È stato addestrato dall’FBI negli Stati Uniti, è un esperto in rapimenti e torture, ha ucciso centinaia di persone e per vent’anni ha mantenuto la carica di comandante della polizia dello stato del Chihuahua, lavorando allo stesso tempo al soldo di un cartello messicano della droga. Nel suo mondo di corruzione, mantenere l’ordine significava operare contemporaneamente nell’interesse di entrambi, della polizia e dei narcotrafficanti: quando dirigeva la squadra speciale anti sequestro a Juàrez organizzava rapimenti nella stessa città; quando uccideva sotto ricompensa testava i fucili di precisione che facevano parte dell’equipaggiamento dei federali.
Non era un fuorilegge. Non era un ribelle. Era lo Stato. Sembra una storia inventata, la paradossale sceneggiatura di un film d’azione, ma quello che Charles Bowden e Molly Molloy hanno trascritto in questo libro è la nuda verità, le parole ascoltate direttamente dalla bocca di un assassino. Frutto di giorni di colloqui proseguiti per un intero anno, El Sicario è il ritratto di una persona reale, un killer professionista che dopo aver commesso un’impressionante sequela di violenze ed essersi macchiato di terribili atrocità, ha deciso di smettere, uscendone vivo. Ora trascorre un’esistenza da fuggitivo perché sulla sua testa pende una taglia da 250.000 dollari. Questa è la sua autobiografia: un drammatico racconto di innocenza, peccato e redenzione in Cristo; lo sbalorditivo monologo di quello che siamo soliti definire “un mostro”, ma che saremo costretti, in modo altrettanto sorprendente, a riconoscere come una persona apparentemente non diversa dalle altre, un uomo normale cresciuto in un luogo assurdo. Una voce solitaria che per prima ha deciso di parlare – di u mini come El Sicario ce ne sono centinaia in Messico – e di raccontare il volto segreto della guerra alla droga, la verità che nessuno vuole sentire.

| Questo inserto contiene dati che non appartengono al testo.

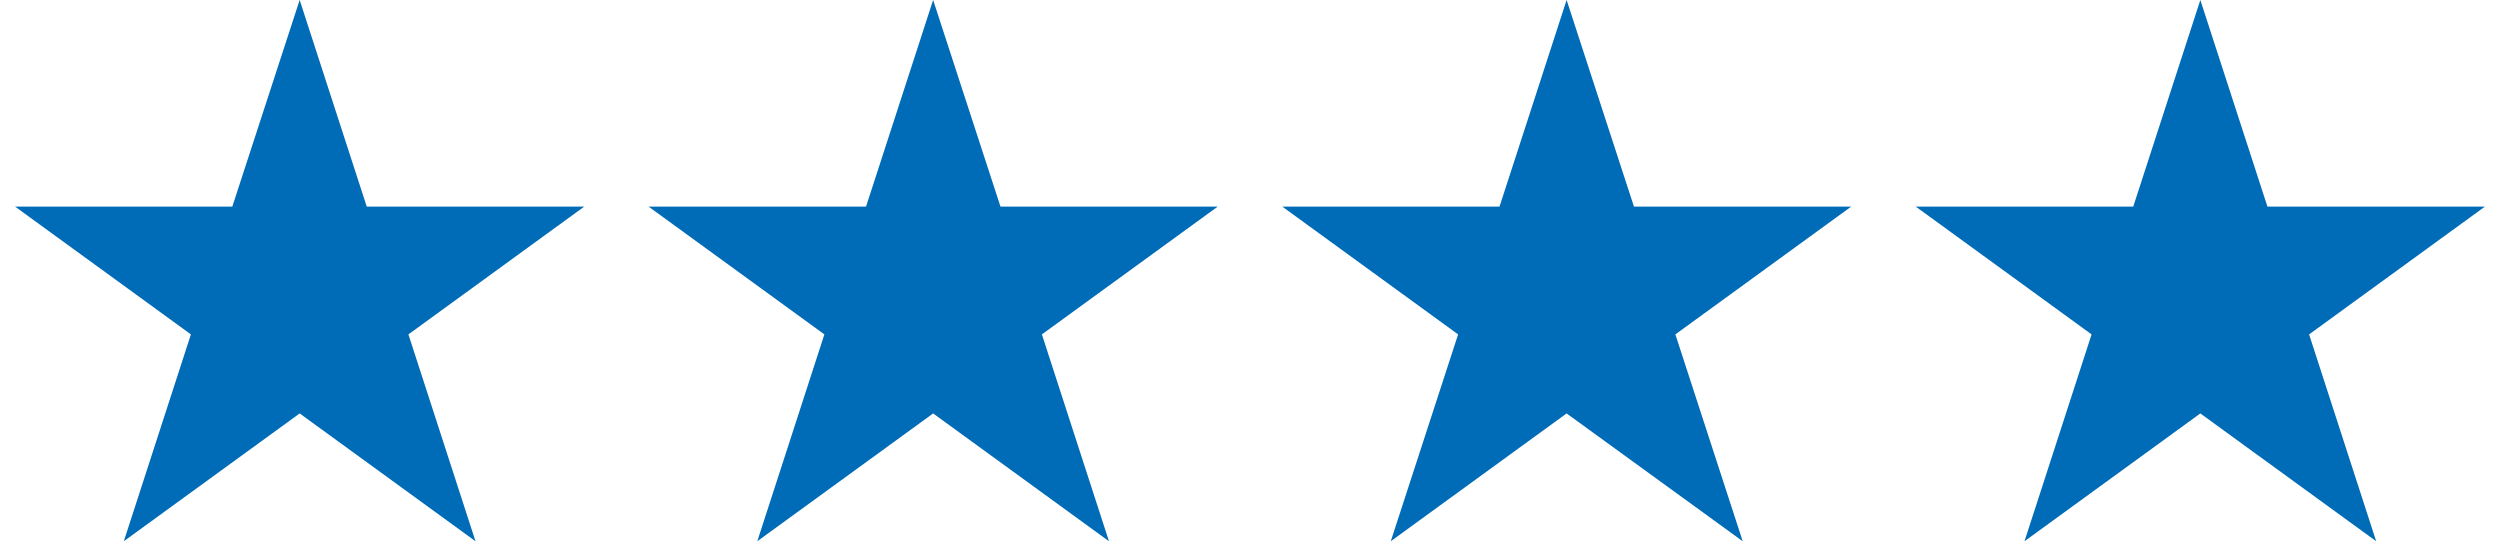 <svg xmlns="http://www.w3.org/2000/svg" id="Layer_1656df89ad9119" data-name="Layer 1" viewBox="0 0 97.2 21.3" aria-hidden="true" width="97px" height="21px"><defs><linearGradient class="cerosgradient" data-cerosgradient="true" id="CerosGradient_id4c44bc8fd" gradientUnits="userSpaceOnUse" x1="50%" y1="100%" x2="50%" y2="0%"><stop offset="0%" stop-color="#d1d1d1"/><stop offset="100%" stop-color="#d1d1d1"/></linearGradient><linearGradient/><style>.cls-1-656df89ad9119{fill:#006bb6;}</style></defs><polygon class="cls-1-656df89ad9119" points="11.2 0 8.55 8.13 0 8.13 6.92 13.16 4.28 21.3 11.2 16.27 18.12 21.3 15.48 13.16 22.4 8.13 13.84 8.13 11.2 0"/><polygon class="cls-1-656df89ad9119" points="36.13 0 33.49 8.13 24.93 8.13 31.85 13.16 29.21 21.3 36.13 16.27 43.05 21.3 40.41 13.16 47.33 8.13 38.78 8.13 36.13 0"/><polygon class="cls-1-656df89ad9119" points="61.06 0 58.42 8.13 49.87 8.13 56.79 13.16 54.14 21.3 61.06 16.27 67.99 21.3 65.34 13.16 72.26 8.13 63.71 8.13 61.06 0"/><polygon class="cls-1-656df89ad9119" points="86 0 83.36 8.13 74.8 8.13 81.72 13.16 79.08 21.3 86 16.27 92.92 21.3 90.28 13.16 97.2 8.13 88.64 8.13 86 0"/></svg>

Laura Lippman - I MORTI LO SANNO

Il detective Kevin Infante della squadra Omicidi di Baltimora non si aspettava certo di passare una mattinata intera al St. Agnes Hospital in compagnia di Gloria Bustamante, l’avvocato difensore più rompiscatole della Contea di Baltimora. Rossetto sbavato, tailleur senza un bottone, scarpe, un tempo di lusso, sformate e consunte in punta, la Bustamante assiste una donna coi capelli biondi, di età indecifrabile, tra i trentacinque e i quaranta forse, ricoverata in evidente stato di confusione in un reparto dell’ospedale. Qualche giorno prima, per un velo d’olio sulla strada, la berlina della donna è scivolata a sinistra come l’ago di un tachimetro impazzito, si è girata su se stessa e si è adagiata sulla fiancata di un SUV bianco. La donna ha visto il SUV rotolare con lente capriole giù per la scarpata, ma non si è fermata. Spaventata dal frastuono dei clacson e dallo stridore dei freni, è scappata via per abbandonare la macchina sul ciglio di una strada lontana. Infante e la Bustamante sono, però, al St. Agnes Hospital non per il reato di mancato soccorso, ma per una stupefacente dichiarazione della donna, che mette e a soqquadro le redazioni delle gazzette e delle tv dell’intera Contea di Baltimora. La donna, che secondo il libretto dell’auto dovrebbe essere Penelope Jackson, di Asheville, North Carolina, ha detto di chiamarsi in realtà Heather Bethany e di essere una delle due sorelline scomparse una trentina d’anni fa in un centro commerciale di Baltimora. L’opinione di Infante e degli inquirenti è che la donna ora ricoverata al St. Agnes Hospital finga e spari cose campate in aria per la disperazione. Certo, un esame del DNA potrebbe sciogliere l’enigma e appurare l’identità della sedicente Heather, se solo i coniugi Bethany fossero i genitori naturali e non adottivi delle sorelle e, soprattutto, se fossero rintracciabili. Trent’anni dopo tutti i testimoni possibili appaiono o passati a miglior vita o impossibilitati a parlare. Solo i morti, dunque, sanno? Giallo in cui Laura Lippman dimostra davvero di saper esplorare «il cuore umano» (Tess Gerritsen), I morti lo sanno rapisce e trascina letteralmente il lettore fino all’attesa rivelazione finale, rimasta magicamente nascosta pur essendo del tutto evidente nello svolgimento stesso del romanzo.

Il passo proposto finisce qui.